[Input material]:
────────────────
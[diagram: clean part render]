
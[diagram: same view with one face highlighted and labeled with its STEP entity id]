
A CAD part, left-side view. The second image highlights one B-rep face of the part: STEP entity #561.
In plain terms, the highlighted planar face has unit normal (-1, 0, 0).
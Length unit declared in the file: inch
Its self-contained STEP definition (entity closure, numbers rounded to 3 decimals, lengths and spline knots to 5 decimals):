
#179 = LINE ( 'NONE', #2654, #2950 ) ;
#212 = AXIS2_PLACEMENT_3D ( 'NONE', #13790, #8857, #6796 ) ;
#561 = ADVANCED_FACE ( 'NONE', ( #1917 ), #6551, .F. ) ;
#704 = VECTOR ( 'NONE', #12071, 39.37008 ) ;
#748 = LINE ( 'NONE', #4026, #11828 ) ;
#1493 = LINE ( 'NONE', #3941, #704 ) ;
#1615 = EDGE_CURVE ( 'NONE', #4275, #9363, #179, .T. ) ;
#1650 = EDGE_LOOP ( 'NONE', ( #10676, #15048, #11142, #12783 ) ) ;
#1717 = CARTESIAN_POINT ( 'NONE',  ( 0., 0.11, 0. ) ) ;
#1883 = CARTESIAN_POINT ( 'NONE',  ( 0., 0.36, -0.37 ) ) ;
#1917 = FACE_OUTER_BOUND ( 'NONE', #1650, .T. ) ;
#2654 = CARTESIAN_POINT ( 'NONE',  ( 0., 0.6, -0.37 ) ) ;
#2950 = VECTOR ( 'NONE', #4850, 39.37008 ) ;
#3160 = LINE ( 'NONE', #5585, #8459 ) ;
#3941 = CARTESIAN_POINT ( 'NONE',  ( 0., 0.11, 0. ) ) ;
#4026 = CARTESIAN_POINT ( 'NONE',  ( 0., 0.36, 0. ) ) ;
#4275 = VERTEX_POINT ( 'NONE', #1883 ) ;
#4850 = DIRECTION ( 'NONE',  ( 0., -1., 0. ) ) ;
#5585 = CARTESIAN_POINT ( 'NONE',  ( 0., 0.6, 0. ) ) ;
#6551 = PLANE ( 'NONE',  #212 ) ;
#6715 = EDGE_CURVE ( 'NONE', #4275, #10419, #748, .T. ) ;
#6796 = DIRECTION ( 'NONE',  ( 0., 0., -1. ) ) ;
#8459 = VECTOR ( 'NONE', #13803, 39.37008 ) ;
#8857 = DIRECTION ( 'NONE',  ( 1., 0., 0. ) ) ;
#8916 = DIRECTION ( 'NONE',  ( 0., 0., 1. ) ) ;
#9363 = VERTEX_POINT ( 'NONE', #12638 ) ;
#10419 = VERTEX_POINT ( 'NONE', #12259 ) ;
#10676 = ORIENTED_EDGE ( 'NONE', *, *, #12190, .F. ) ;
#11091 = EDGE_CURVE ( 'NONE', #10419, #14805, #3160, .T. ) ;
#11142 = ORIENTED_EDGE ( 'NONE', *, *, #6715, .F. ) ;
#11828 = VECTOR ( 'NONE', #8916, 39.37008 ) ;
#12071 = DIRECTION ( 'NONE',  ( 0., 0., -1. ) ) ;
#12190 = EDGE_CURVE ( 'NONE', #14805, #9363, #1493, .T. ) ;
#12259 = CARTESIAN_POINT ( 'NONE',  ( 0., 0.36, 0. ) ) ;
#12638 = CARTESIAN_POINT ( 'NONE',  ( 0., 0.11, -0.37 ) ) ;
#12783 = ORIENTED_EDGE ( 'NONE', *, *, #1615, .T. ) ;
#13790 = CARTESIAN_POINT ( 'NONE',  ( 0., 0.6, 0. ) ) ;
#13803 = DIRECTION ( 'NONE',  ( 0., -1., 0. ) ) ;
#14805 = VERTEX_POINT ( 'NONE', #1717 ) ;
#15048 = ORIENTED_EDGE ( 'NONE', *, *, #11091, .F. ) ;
────────────────
[What is expected]: Give the entries once more, exactly as they appear.

[Result of this exercise]:
[diagram: clean part render]
[diagram: same view with one face highlighted and labeled with its STEP entity id]
A CAD part, left-side view. The second image highlights one B-rep face of the part: STEP entity #561.
In plain terms, the highlighted planar face has unit normal (-1, 0, 0).
Length unit declared in the file: inch
Its self-contained STEP definition (entity closure, numbers rounded to 3 decimals, lengths and spline knots to 5 decimals):
#179 = LINE ( 'NONE', #2654, #2950 ) ;
#212 = AXIS2_PLACEMENT_3D ( 'NONE', #13790, #8857, #6796 ) ;
#561 = ADVANCED_FACE ( 'NONE', ( #1917 ), #6551, .F. ) ;
#704 = VECTOR ( 'NONE', #12071, 39.37008 ) ;
#748 = LINE ( 'NONE', #4026, #11828 ) ;
#1493 = LINE ( 'NONE', #3941, #704 ) ;
#1615 = EDGE_CURVE ( 'NONE', #4275, #9363, #179, .T. ) ;
#1650 = EDGE_LOOP ( 'NONE', ( #10676, #15048, #11142, #12783 ) ) ;
#1717 = CARTESIAN_POINT ( 'NONE',  ( 0., 0.11, 0. ) ) ;
#1883 = CARTESIAN_POINT ( 'NONE',  ( 0., 0.36, -0.37 ) ) ;
#1917 = FACE_OUTER_BOUND ( 'NONE', #1650, .T. ) ;
#2654 = CARTESIAN_POINT ( 'NONE',  ( 0., 0.6, -0.37 ) ) ;
#2950 = VECTOR ( 'NONE', #4850, 39.37008 ) ;
#3160 = LINE ( 'NONE', #5585, #8459 ) ;
#3941 = CARTESIAN_POINT ( 'NONE',  ( 0., 0.11, 0. ) ) ;
#4026 = CARTESIAN_POINT ( 'NONE',  ( 0., 0.36, 0. ) ) ;
#4275 = VERTEX_POINT ( 'NONE', #1883 ) ;
#4850 = DIRECTION ( 'NONE',  ( 0., -1., 0. ) ) ;
#5585 = CARTESIAN_POINT ( 'NONE',  ( 0., 0.6, 0. ) ) ;
#6551 = PLANE ( 'NONE',  #212 ) ;
#6715 = EDGE_CURVE ( 'NONE', #4275, #10419, #748, .T. ) ;
#6796 = DIRECTION ( 'NONE',  ( 0., 0., -1. ) ) ;
#8459 = VECTOR ( 'NONE', #13803, 39.37008 ) ;
#8857 = DIRECTION ( 'NONE',  ( 1., 0., 0. ) ) ;
#8916 = DIRECTION ( 'NONE',  ( 0., 0., 1. ) ) ;
#9363 = VERTEX_POINT ( 'NONE', #12638 ) ;
#10419 = VERTEX_POINT ( 'NONE', #12259 ) ;
#10676 = ORIENTED_EDGE ( 'NONE', *, *, #12190, .F. ) ;
#11091 = EDGE_CURVE ( 'NONE', #10419, #14805, #3160, .T. ) ;
#11142 = ORIENTED_EDGE ( 'NONE', *, *, #6715, .F. ) ;
#11828 = VECTOR ( 'NONE', #8916, 39.37008 ) ;
#12071 = DIRECTION ( 'NONE',  ( 0., 0., -1. ) ) ;
#12190 = EDGE_CURVE ( 'NONE', #14805, #9363, #1493, .T. ) ;
#12259 = CARTESIAN_POINT ( 'NONE',  ( 0., 0.36, 0. ) ) ;
#12638 = CARTESIAN_POINT ( 'NONE',  ( 0., 0.11, -0.37 ) ) ;
#12783 = ORIENTED_EDGE ( 'NONE', *, *, #1615, .T. ) ;
#13790 = CARTESIAN_POINT ( 'NONE',  ( 0., 0.6, 0. ) ) ;
#13803 = DIRECTION ( 'NONE',  ( 0., -1., 0. ) ) ;
#14805 = VERTEX_POINT ( 'NONE', #1717 ) ;
#15048 = ORIENTED_EDGE ( 'NONE', *, *, #11091, .F. ) ;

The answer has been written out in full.